Eventually, after tinkering around with different methods in the API, I tried this:
PDDocument.load(file).getPage(0).getContents().toString();
This did not throw an exception, but it did output this:
WARN [COSParser:1154] The end of the stream doesn't point to the correct offset, using workaround to read the stream, stream start position: 171, length: 1145844, expected end position: 1146015
Personally, I wanted an exception to be thrown if the file was corrupted so I could handle it myself, but it appeared that the API I was implementing already handled them in their own way.
To get around this, I decided to try parsing the files using the class that gave the warm statement (COSParser). I found that there was a subclass, called PDFParser, which inherited a method called "setLenient", which was the key (https://pdfbox.apache.org/docs/2.0.4/javadocs/org/apache/pdfbox/pdfparser/COSParser.html).

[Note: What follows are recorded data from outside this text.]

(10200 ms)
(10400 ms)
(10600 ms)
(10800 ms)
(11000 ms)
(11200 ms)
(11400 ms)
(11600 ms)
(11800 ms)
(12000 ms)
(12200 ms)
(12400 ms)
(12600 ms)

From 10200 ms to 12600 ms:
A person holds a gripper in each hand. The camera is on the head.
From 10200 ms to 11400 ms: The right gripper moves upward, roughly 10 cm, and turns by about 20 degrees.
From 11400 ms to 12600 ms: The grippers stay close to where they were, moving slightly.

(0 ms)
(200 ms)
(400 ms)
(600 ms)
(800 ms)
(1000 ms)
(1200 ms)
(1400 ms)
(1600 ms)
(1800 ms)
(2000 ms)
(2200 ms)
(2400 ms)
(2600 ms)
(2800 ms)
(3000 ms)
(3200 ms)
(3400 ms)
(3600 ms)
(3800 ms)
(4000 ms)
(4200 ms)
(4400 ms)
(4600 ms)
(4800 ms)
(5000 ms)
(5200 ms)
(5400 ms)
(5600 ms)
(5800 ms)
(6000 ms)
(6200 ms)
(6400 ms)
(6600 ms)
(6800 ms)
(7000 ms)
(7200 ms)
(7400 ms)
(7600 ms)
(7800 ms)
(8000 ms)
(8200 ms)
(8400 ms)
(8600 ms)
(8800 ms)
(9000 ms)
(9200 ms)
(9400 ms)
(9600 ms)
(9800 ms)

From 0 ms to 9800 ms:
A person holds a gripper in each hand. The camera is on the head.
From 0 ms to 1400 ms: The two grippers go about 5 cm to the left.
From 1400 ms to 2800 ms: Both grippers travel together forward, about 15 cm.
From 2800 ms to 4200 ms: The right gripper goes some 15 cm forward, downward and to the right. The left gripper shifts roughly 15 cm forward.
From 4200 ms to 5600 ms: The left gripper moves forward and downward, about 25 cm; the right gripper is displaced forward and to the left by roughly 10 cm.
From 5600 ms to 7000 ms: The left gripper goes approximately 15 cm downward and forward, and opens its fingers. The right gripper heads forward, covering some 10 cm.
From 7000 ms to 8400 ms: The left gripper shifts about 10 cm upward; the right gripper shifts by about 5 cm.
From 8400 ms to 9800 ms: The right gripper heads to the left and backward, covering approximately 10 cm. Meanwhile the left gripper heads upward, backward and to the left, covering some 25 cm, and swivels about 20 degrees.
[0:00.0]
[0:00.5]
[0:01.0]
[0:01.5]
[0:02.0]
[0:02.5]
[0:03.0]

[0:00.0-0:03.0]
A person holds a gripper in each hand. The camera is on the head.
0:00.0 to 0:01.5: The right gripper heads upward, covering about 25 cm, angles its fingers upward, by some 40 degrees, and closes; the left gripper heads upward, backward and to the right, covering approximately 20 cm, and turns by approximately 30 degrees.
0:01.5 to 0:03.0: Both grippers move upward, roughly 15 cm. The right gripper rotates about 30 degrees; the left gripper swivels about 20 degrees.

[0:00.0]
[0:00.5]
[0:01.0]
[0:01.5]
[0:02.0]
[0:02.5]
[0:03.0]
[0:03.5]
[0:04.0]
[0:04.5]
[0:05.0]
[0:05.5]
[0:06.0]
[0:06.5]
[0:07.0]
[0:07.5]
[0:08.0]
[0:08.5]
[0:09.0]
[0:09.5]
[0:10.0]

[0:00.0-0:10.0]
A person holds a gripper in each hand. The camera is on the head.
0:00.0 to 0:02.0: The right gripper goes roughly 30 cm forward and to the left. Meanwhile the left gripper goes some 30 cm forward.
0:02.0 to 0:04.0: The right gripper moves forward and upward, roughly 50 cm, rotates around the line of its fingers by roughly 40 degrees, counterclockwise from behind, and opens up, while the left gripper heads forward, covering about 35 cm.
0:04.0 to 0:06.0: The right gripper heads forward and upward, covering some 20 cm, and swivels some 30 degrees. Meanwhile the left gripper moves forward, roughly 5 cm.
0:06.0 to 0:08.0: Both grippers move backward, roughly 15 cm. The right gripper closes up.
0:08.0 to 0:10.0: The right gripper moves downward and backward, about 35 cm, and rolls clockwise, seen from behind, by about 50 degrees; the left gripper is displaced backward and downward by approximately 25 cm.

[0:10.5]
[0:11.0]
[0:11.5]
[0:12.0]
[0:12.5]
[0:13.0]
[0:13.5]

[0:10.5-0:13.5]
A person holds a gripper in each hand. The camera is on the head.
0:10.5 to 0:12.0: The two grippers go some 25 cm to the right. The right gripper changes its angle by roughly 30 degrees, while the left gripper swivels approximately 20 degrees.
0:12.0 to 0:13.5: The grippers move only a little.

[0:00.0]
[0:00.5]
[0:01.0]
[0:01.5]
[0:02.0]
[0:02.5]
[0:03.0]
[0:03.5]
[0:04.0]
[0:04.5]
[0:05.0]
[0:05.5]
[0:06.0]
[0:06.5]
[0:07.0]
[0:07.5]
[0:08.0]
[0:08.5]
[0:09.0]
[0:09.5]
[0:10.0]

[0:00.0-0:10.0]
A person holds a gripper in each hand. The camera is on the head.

I then implemented the following:
RandomAccessFile accessFile = new RandomAccessFile(file, "r");
PDFParser parser = new PDFParser(accessFile);
parser.setLenient(false);
parser.parse();
This threw an Exception for my corrupted file, as I wanted. Hope this helps someone out!
Upvotes: 8
Reputation: 143
Maybe I am too late to answer. But you should have a look at Tika. It uses PDFBox Parser internally to parse PDF's
You just need to import tika-app-latest*.jar
public String parseToStringExample() throws IOException, SAXException, TikaException
{
Tika tika = new Tika();
try (InputStream stream = ParsingExample.class.getResourceAsStream("test.pdf")) {
return tika.parseToString(stream); // This should return you the pdf's text
}
}
It would be a much cleaner solution . You can refer here for more details of Tika Usage : https://tika.apache.org/1.12/api/
Upvotes: 4
Reputation: 3247
Here an adapted Java version of NinjaCross's code.
/**
* Test if the data in the given byte array represents a PDF file.
*/
public static boolean is_pdf(byte[] data) {
if (data != null && data.length > 4 &&
data[0] == 0x25 && // %
data[1] == 0x50 && // P
data[2] == 0x44 && // D
data[3] == 0x46 && // F
data[4] == 0x2D) { // -
// version 1.3 file terminator
if (data[5] == 0x31 && data[6] == 0x2E && data[7] == 0x33 &&
data[data.length - 7] == 0x25 && // %
data[data.length - 6] == 0x25 && // %
data[data.length - 5] == 0x45 && // E
data[data.length - 4] == 0x4F && // O
data[data.length - 3] == 0x46 && // F
data[data.length - 2] == 0x20 && // SPACE
data[data.length - 1] == 0x0A) { // EOL
return true;
}
// version 1.3 file terminator
if (data[5] == 0x31 && data[6] == 0x2E && data[7] == 0x34 &&
data[data.length - 6] == 0x25 && // %
data[data.length - 5] == 0x25 && // %
data[data.length - 4] == 0x45 && // E
data[data.length - 3] == 0x4F && // O
data[data.length - 2] == 0x46 && // F
data[data.length - 1] == 0x0A) { // EOL
return true;
}
}
return false;
}
And some simple unit tests:
@Test
public void test_valid_pdf_1_3_data_is_pdf() {
assertTrue(is_pdf("%PDF-1.3 CONTENT %%EOF \n".getBytes()));
}
@Test
public void test_valid_pdf_1_4_data_is_pdf() {
assertTrue(is_pdf("%PDF-1.4 CONTENT %%EOF\n".getBytes()));
}
@Test
public void test_invalid_data_is_not_pdf() {
assertFalse(is_pdf("Hello World".getBytes()));
}
If you come up with any failing unit tests, please let me know.
Upvotes: 9
Reputation: 510
There is a very convenient and simple library for testing PDF content: https://github.com/codeborne/pdf-test
API is very simple:
import com.codeborne.pdftest.PDF;
import static com.codeborne.pdftest.PDF.*;
import static org.junit.Assert.assertThat;
public class PDFContainsTextTest {
@Test
public void canAssertThatPdfContainsText() {
PDF pdf = new PDF(new File("src/test/resources/50quickideas.pdf"));
assertThat(pdf, containsText("50 Quick Ideas to Improve your User Stories"));
}
}
Upvotes: 1
Reputation: 1030
You have to try this....
public boolean isPDF(File file){
file = new File("Demo.pdf");
Scanner input = new Scanner(new FileReader(file));
while (input.hasNextLine()) {
final String checkline = input.nextLine();
if(checkline.contains("%PDF-")) {
// a match!
return true;
}
}
return false;
}
Upvotes: 5
Reputation: 31928
Since you use PDFBox you can simply do:
PDDocument.load(file);
It'll fail with an Exception if the PDF is corrupted etc.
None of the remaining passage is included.